WORK REQUEST — Return the data given below exactly as it appears.

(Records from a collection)
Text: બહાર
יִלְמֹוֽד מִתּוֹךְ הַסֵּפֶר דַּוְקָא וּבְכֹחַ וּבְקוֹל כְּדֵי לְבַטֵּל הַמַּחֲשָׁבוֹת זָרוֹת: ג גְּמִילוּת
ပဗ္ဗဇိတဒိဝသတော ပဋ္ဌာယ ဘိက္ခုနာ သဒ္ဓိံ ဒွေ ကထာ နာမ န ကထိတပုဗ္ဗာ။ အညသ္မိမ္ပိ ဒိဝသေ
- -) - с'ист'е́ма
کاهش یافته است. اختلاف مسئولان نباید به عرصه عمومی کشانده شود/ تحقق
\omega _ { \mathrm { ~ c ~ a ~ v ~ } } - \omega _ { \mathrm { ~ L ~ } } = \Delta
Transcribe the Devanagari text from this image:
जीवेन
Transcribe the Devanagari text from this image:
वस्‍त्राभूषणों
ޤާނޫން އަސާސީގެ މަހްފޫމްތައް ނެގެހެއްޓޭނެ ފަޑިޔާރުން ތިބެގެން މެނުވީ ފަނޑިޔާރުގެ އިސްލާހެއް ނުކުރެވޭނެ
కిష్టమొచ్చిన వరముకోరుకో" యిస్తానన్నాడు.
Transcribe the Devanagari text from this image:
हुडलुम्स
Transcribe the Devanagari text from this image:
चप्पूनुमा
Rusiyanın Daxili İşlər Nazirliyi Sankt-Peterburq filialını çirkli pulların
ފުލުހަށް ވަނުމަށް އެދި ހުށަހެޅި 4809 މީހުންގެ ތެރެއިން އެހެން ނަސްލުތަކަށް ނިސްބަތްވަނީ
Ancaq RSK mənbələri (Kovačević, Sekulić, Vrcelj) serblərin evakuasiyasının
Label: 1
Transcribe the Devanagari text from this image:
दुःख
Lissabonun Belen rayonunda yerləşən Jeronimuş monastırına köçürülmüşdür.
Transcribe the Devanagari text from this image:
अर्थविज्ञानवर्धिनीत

RESULT —
Text: બહાર
יִלְמֹוֽד מִתּוֹךְ הַסֵּפֶר דַּוְקָא וּבְכֹחַ וּבְקוֹל כְּדֵי לְבַטֵּל הַמַּחֲשָׁבוֹת זָרוֹת: ג גְּמִילוּת
ပဗ္ဗဇိတဒိဝသတော ပဋ္ဌာယ ဘိက္ခုနာ သဒ္ဓိံ ဒွေ ကထာ နာမ န ကထိတပုဗ္ဗာ။ အညသ္မိမ္ပိ ဒိဝသေ
- -) - с'ист'е́ма
کاهش یافته است. اختلاف مسئولان نباید به عرصه عمومی کشانده شود/ تحقق
\omega _ { \mathrm { ~ c ~ a ~ v ~ } } - \omega _ { \mathrm { ~ L ~ } } = \Delta
Transcribe the Devanagari text from this image:
जीवेन
Transcribe the Devanagari text from this image:
वस्‍त्राभूषणों
ޤާނޫން އަސާސީގެ މަހްފޫމްތައް ނެގެހެއްޓޭނެ ފަޑިޔާރުން ތިބެގެން މެނުވީ ފަނޑިޔާރުގެ އިސްލާހެއް ނުކުރެވޭނެ
కిష్టమొచ్చిన వరముకోరుకో" యిస్తానన్నాడు.
Transcribe the Devanagari text from this image:
हुडलुम्स
Transcribe the Devanagari text from this image:
चप्पूनुमा
Rusiyanın Daxili İşlər Nazirliyi Sankt-Peterburq filialını çirkli pulların
ފުލުހަށް ވަނުމަށް އެދި ހުށަހެޅި 4809 މީހުންގެ ތެރެއިން އެހެން ނަސްލުތަކަށް ނިސްބަތްވަނީ
Ancaq RSK mənbələri (Kovačević, Sekulić, Vrcelj) serblərin evakuasiyasının
Label: 1
Transcribe the Devanagari text from this image:
दुःख
Lissabonun Belen rayonunda yerləşən Jeronimuş monastırına köçürülmüşdür.
Transcribe the Devanagari text from this image:
अर्थविज्ञानवर्धिनीत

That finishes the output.